I put on my blue jeans, and a red shirt. I wish it was summer though, as now I need to get bundled up so I wouldn’t freeze to death. I put on a hoodie, along with my winter jacket, and all of the other little accessories. Ring! I look at my phone to see what notification I got. I read, “We’re here”. My heart started jumping out, and the million scenarios of what might happen if I got caught come to mind. I start to feel less excited now, as I lock the door to the house, and walk across the cold concrete to the Toyota car waiting for me.

We spent the time going to see a movie at the Pickwick theatre, followed by walking to Starbucks to get out coffee’s. As I am looking down at my phone, it says that it’s eight thirty. I immediately sprang out of my seat and told my friends that we need to go now. We walked down the road with the sharp, cold air hitting my face to get to the car. At this point, I am feeling panic and guilt. “Please don’t be home”, is what I said in my head over a million times.

We drove ten minutes, but it felt like eternity. As we pulled up, my heart sank. My parents were just getting out of the red Jeep. I didn’t know what to do. I told him to drive very quickly to the alley. I got into the garage and pretended to be working on something. Luckily it was just in time. I see my mom and dad approaching the garage. I open the door expecting to hear my mom yelling at me for being in the cold garage, but that was not the topic that I was being yelled at about.

“Don’t you dare lie to us, where were you”? She said angrily.

“In the garage, working on the snow blower”, I said very nervously.

“You’re lying. Your grandma came by a half our ago, and you weren’t home, now go on and tell the truth”, she said.

“Okay, I went out with my friends”, I said in a sad tone.

There was an eerie silence, then the words came out, “I am very disappointed in you, I thought you were more responsible than that”, she said in a sad tone this time. The level of guilt was at an all time high at this point. I feel very stupid for disobeying my parents. That night, snow started to fall very hard.

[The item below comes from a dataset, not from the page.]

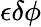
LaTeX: \epsilon\delta\phi
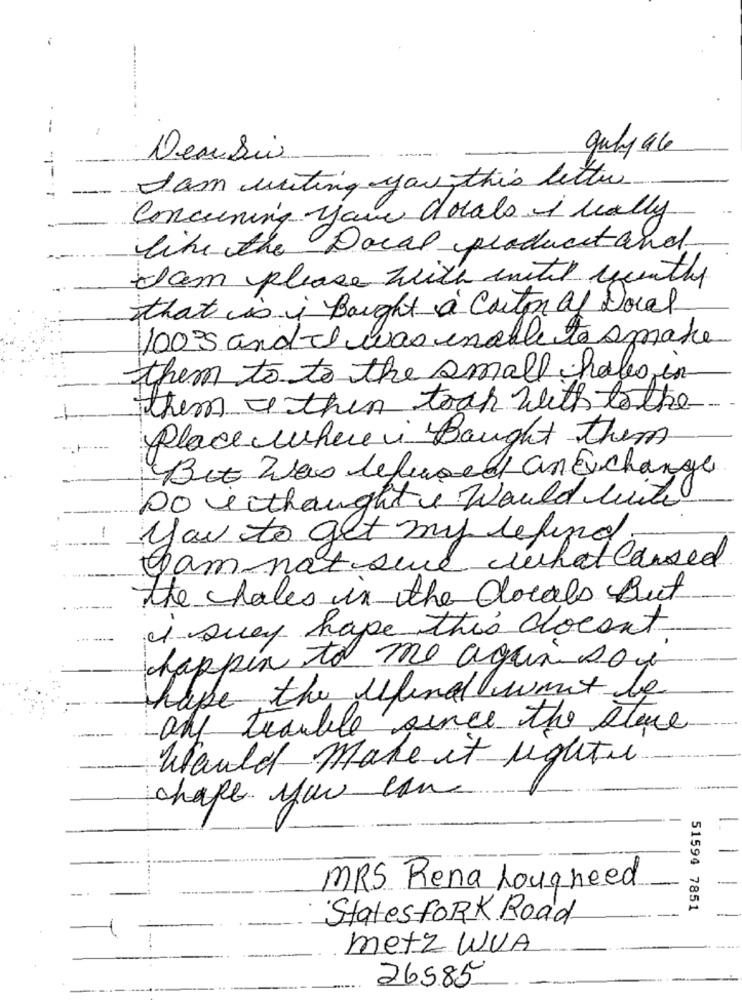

I had thought all night about the mistake I had made. It was wrong as I hurt my parents and made them lose their trust in me. That night, I gave a sincere apology to my parents, and learned my lesson. I hated the feeling of guilt. I always tried to avoid it. Since that cold December night, the snow has melted, and I no longer have pressure and guilt on me, and learned to never lie and always respect my parents’ instruction. It was a Friday night that would change the way I would think.